And head-shaking members of the legal community began referring to the high-dollar Haynes as a miracle worker. Others less charitable acknowledge him as a legal gunslinger. Several years ago, one judge split the difference, calling Haynes a "charming little jerk."
Retired Associated Press reporter Mike Cochran, who covered each of the Davis trials and later wrote the definitive book on the saga, calls Haynes "as good a courtroom lawyer as I've ever seen." No small praise from a man who has seen the likes of the legal icon Melvin Belli in action as he defended Lee Harvey Oswald's killer, Jack Ruby.
"Racehorse has this charisma and showmanship that just takes over the courtroom the minute he walks in," Cochran says. "The guy is spellbinding. And he's tough as a floor safe."
Veteran Fort Worth defense attorney Jack Strickland, who prosecuted the Davis murder-solicitation case, is not so generous. Still, he admits a grudging respect for his old adversary. "I think Haynes is an exceptional lawyer," he says, "but that's not to say I agreed with the tactics he used in the Davis case, trashing the victim [Priscilla Davis] the way he did. There's no question we really went at each other, and there were definitely hard feelings when the case was over."
Time, however, has thawed the relationship. "We've seen each other on social occasions a few times," Strickland says, "and even served as co-counsel on a drug case a few years ago.
"Richard is bright, as fast on his feet as anyone I've ever seen, and has a phenomenal memory. And he's always prepared. Having said that, he's also a man who can stand in front of a jury and say the most outrageous things imaginable, and somehow manage to keep a straight face while doing so."
The historic Davis case, Strickland admits, brought out the worst in a lot of people. "On both sides," he admits. At one point, the former assistant district attorney even publicly suggested that Haynes and his team of attorneys had crossed the line from advocates and become accomplices to the crime with which their client was charged.
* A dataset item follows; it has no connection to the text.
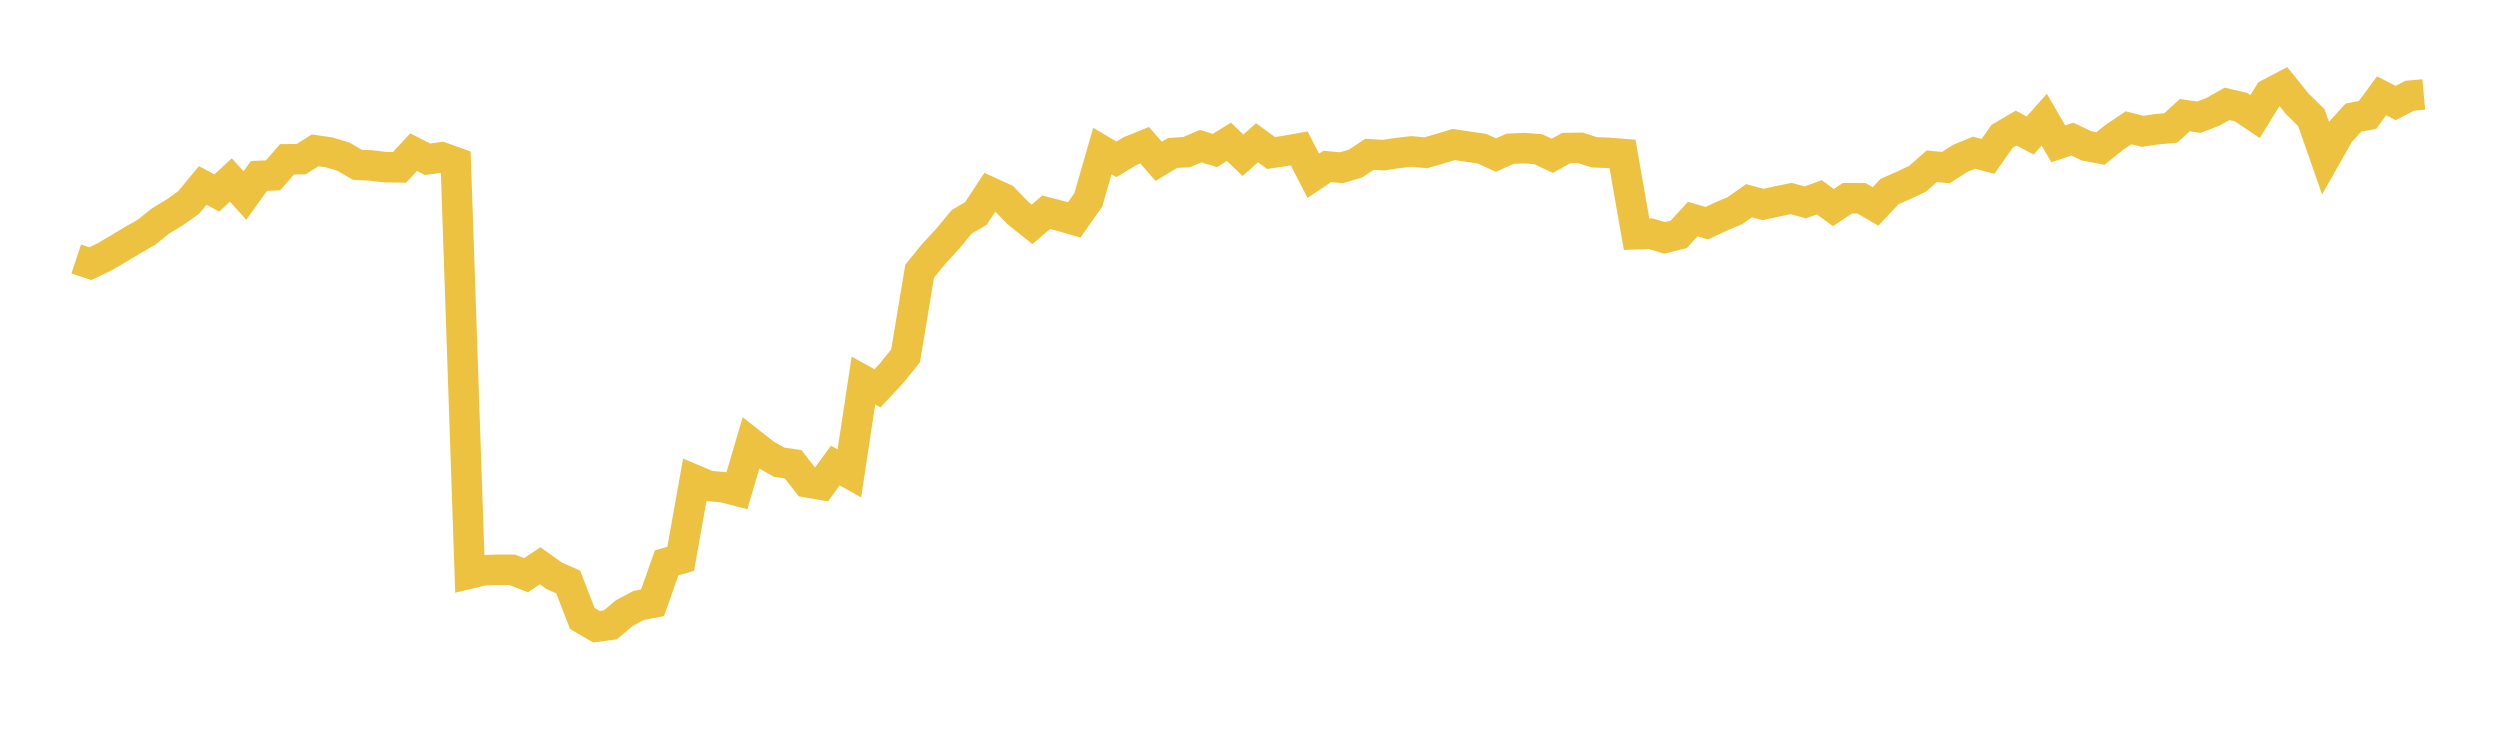 <svg width="164" height="48" xmlns="http://www.w3.org/2000/svg" xmlns:xlink="http://www.w3.org/1999/xlink"><path fill="none" stroke="rgb(237,194,64)" stroke-width="2" d="M5,16.991L5.922,17.295L6.844,16.856L7.766,16.316L8.689,15.76L9.611,15.234L10.533,14.493L11.455,13.939L12.377,13.279L13.299,12.166L14.222,12.661L15.144,11.804L16.066,12.824L16.988,11.54L17.91,11.503L18.832,10.45L19.754,10.441L20.677,9.86L21.599,9.995L22.521,10.276L23.443,10.809L24.365,10.857L25.287,10.967L26.21,10.978L27.132,9.981L28.054,10.447L28.976,10.318L29.898,10.649L30.82,37.623L31.743,37.404L32.665,37.376L33.587,37.376L34.509,37.732L35.431,37.112L36.353,37.768L37.275,38.179L38.198,40.57L39.12,41.112L40.042,40.988L40.964,40.211L41.886,39.72L42.808,39.542L43.731,36.923L44.653,36.659L45.575,31.489L46.497,31.879L47.419,31.959L48.341,32.195L49.263,29.068L50.186,29.792L51.108,30.323L52.03,30.457L52.952,31.64L53.874,31.799L54.796,30.539L55.719,31.053L56.641,24.963L57.563,25.473L58.485,24.488L59.407,23.337L60.329,17.79L61.251,16.658L62.174,15.656L63.096,14.546L64.018,14.003L64.94,12.605L65.862,13.028L66.784,13.983L67.707,14.716L68.629,13.923L69.551,14.16L70.473,14.424L71.395,13.104L72.317,9.902L73.24,10.451L74.162,9.896L75.084,9.523L76.006,10.58L76.928,10.033L77.85,9.974L78.772,9.584L79.695,9.874L80.617,9.302L81.539,10.184L82.461,9.366L83.383,10.036L84.305,9.899L85.228,9.735L86.15,11.528L87.072,10.917L87.994,11.004L88.916,10.73L89.838,10.122L90.76,10.178L91.683,10.036L92.605,9.933L93.527,10.025L94.449,9.754L95.371,9.478L96.293,9.62L97.216,9.754L98.138,10.173L99.06,9.757L99.982,9.715L100.904,9.785L101.826,10.22L102.749,9.712L103.671,9.698L104.593,9.991L105.515,10.027L106.437,10.1L107.359,15.365L108.281,15.332L109.204,15.604L110.126,15.373L111.048,14.372L111.97,14.641L112.892,14.208L113.814,13.816L114.737,13.166L115.659,13.415L116.581,13.21L117.503,13.023L118.425,13.276L119.347,12.941L120.269,13.616L121.192,13.004L122.114,13.007L123.036,13.542L123.958,12.563L124.88,12.157L125.802,11.721L126.725,10.906L127.647,10.994L128.569,10.399L129.491,10.018L130.413,10.259L131.335,8.943L132.257,8.403L133.18,8.888L134.102,7.849L135.024,9.436L135.946,9.124L136.868,9.565L137.79,9.741L138.713,9L139.635,8.381L140.557,8.614L141.479,8.477L142.401,8.394L143.323,7.553L144.246,7.69L145.168,7.333L146.09,6.811L147.012,7.028L147.934,7.646L148.856,6.151L149.778,5.667L150.701,6.811L151.623,7.715L152.545,10.346L153.467,8.72L154.389,7.71L155.311,7.538L156.234,6.287L157.156,6.757L158.078,6.278L159,6.196"></path></svg>

Interestingly, it is no longer the personal wars or courtroom tactics or even brilliant examination of witnesses that come to mind as Haynes reflects on the milestone events of the Davis trial. Rather, it is an angry and tearful late-night call that came from his wife, Naomi, to whom he's been married for 53 years and delights in referring to as "the widow Haynes."
"She'd just had the flowerbeds landscaped," he recalls, "and my two Rhodesian ridgebacks had gotten in them and torn them all to hell. I said something like, 'Darlin', I'm up here [in Amarillo] trying the Super Bowl of capital murder cases, and you're calling me about the dogs tearing up the flowerbeds? I don't have time right now to worry about that. If it'll make you feel any better, just get a pistol and shoot the sons-a-bitches.'
"Well, all that did was cause her to cry harder and get even madder. She said, 'That's just like you. I'm here alone. I need somebody to talk to, and you're only interested in your stupid trial.' I could tell she was really steamed. So, I said, 'You're absolutely right. I apologize. I'm dead wrong. Put the dogs on the phone and I'll talk to them.'"
In the early '80s, a former Dairy Queen waitress named Vickie Daniel was charged with killing her husband, Price Daniel Jr. The fact the victim was not only the former speaker of the Texas House but the son of Price Daniel Sr., one of the most popular governors in the state's history, fueled a gossip firestorm in the little East Texas community of Liberty. Racehorse was summoned. Even before the murder trial, he would have to defend Daniel in a lengthy and raunchy battle against her rich and powerful in-laws for custody of her children. When, finally, his case had been laid out and Haynes rose to present his closing argument in the historic Liberty County courthouse, a triumphant marching song suddenly began to filter through the open windows.
"The high school band was practicing nearby," Haynes recalls, "and it was nothing more than happenstance that it struck up the 'William Tell Overture' just as I got ready to address the jury. The prosecutor jumped out of his chair and objected, saying I had orchestrated the whole thing. I explained to the judge that I didn't--but if I hadn't been dumber than a bucket of hair, I'd have certainly given it some thought."